Regarding CAR T-cells eliminating autoreactive cells, Yi et al., in 2022, using the MS-model of Experimental Autoimmune Encephalomyelitis (EAE) showed that peptide-MHCII CAR (pMHCII-CAR) T-cells prevented demyelination. The researchers engineered CAR T-cells but instead of expressing antigen-binding domain they expressed the complex MHCII-MOG35-55. As a result, the autoreactive CD4+ T-cells which bear high and low affinity TCRs that recognize this self-epitope, bound to the CAR T-cells and then became apoptotic, suggesting that affinity plays a role in the progression of EAE (49). Disease prevention was also revealed by Gupta et al., but this time they used anti-CD19 CAR T-cells for B-cell depletion. Clinical scores and lymphocyte infiltration were reduced in mice treated with CAR T-cells (50) contrasting the evidence of Mitsdoerffer et al. in 2021, who used the spontaneous opticospinal encephalomyelitis model, where mice develop spontaneous EAE in association with meningeal B-cell aggregates. Their research suggested that anti-CD19 CAR-T cells reduced the size of meningeal B-cell aggregates but exacerbated clinical disease probably due to the immunoregulatory role of these follicles (51).
In addition to the eliminating properties of CAR T-cells, Mekala and Geiger, back in 2005, provided early first evidence that genetically engineered Tregs could act therapeutically in MS, as supported by their results in an EAE model. They engineered CD4+ CD25+ Tregs using a chimeric receptor containing antigen-MHC and cytoplasmic signaling tail of TCR-zeta targeting MBP. Infusion of these cells resulted in symptoms alleviation and reduction of the pro-inflammatory milieu that promotes demyelination (52). Then, in 2012, Fransson et al., engineered anti-MOG CAR Tregs expressing a CAR for MOG and FoxP3, the gene responsible for development and function of Tregs. These CAR Tregs were tested, first in vitro and then in vivo and showed not only dampening disease severity but also prolonged effects of CAR Tregs. Disease-free mice, when re-administered the EAE induction protocol, remained disease-free (53). Furthermore, in 2020, De Paula Pohl et al., demonstrated that human CD4+CD25hiCD127low Tregs expressing chimeric receptors targeting either MBP or MOG when transfused in EAE mice, promoted tolerance in autoreactive effector T-cells and hindered disease progression (54).

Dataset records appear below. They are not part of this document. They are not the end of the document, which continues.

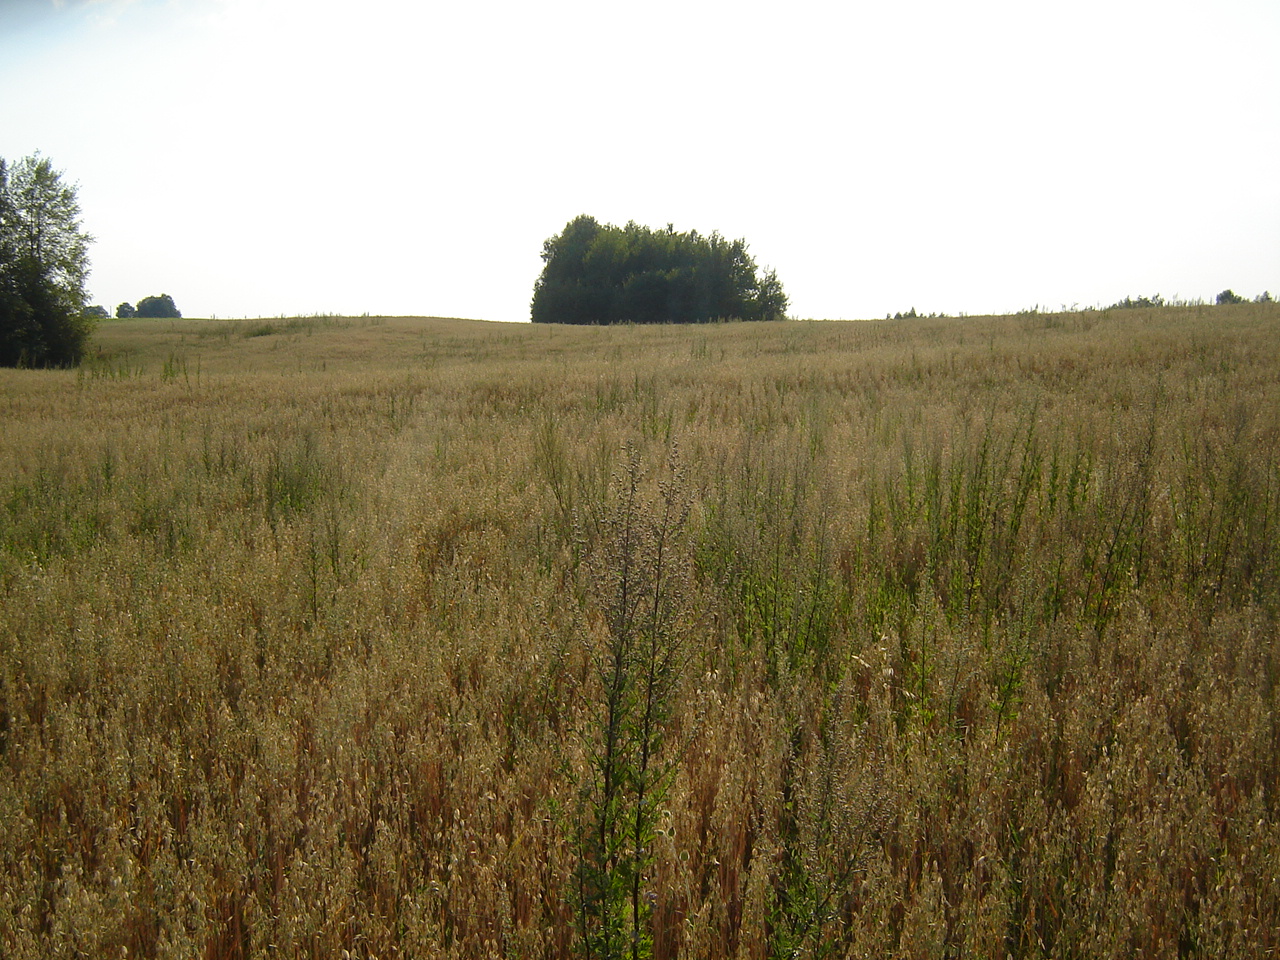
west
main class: Cropland
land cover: Oats
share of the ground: > 75 %
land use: Agriculture (excluding fallow land and kitchen gardens)
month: August
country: LT
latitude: 55.1977
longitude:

There are several clinical trials of CAR T-cells in MS patients. In 2024, FDA approved two phase 1 clinical trials of CD19-CAR T-cell therapy named KYV-101. The first one refers to patients with non-relapsing and progressive forms of MS (NCT06138132) (55) while the second includes only patients with the progressive forms (NCT06451159) (56). In the same year, Fischbach et al., published the first evidence of efficacy and safety of treatment with KYV-101 in two patients with progressive MS. Both patients manifested low-grade Cytokine Release Syndrome (CRS), inflammatory relapses did not occur, and CAR T-cells expanded within the cerebrospinal fluid (CSF) highlighting their ability in penetrating CNS (57). This is consistent with recent in vitro studies which suggest that autoimmune-patient-derived CD19 CAR T-cells possess efficient cytotoxicity without producing high levels of cytokines that could be harmful (58). Additionally, there is another clinical trial for KYV-101, named KYSA-7. It is a phase 2 study and includes patients with Refractory Primary and Secondary Progressive MS (NCT06384976) (59).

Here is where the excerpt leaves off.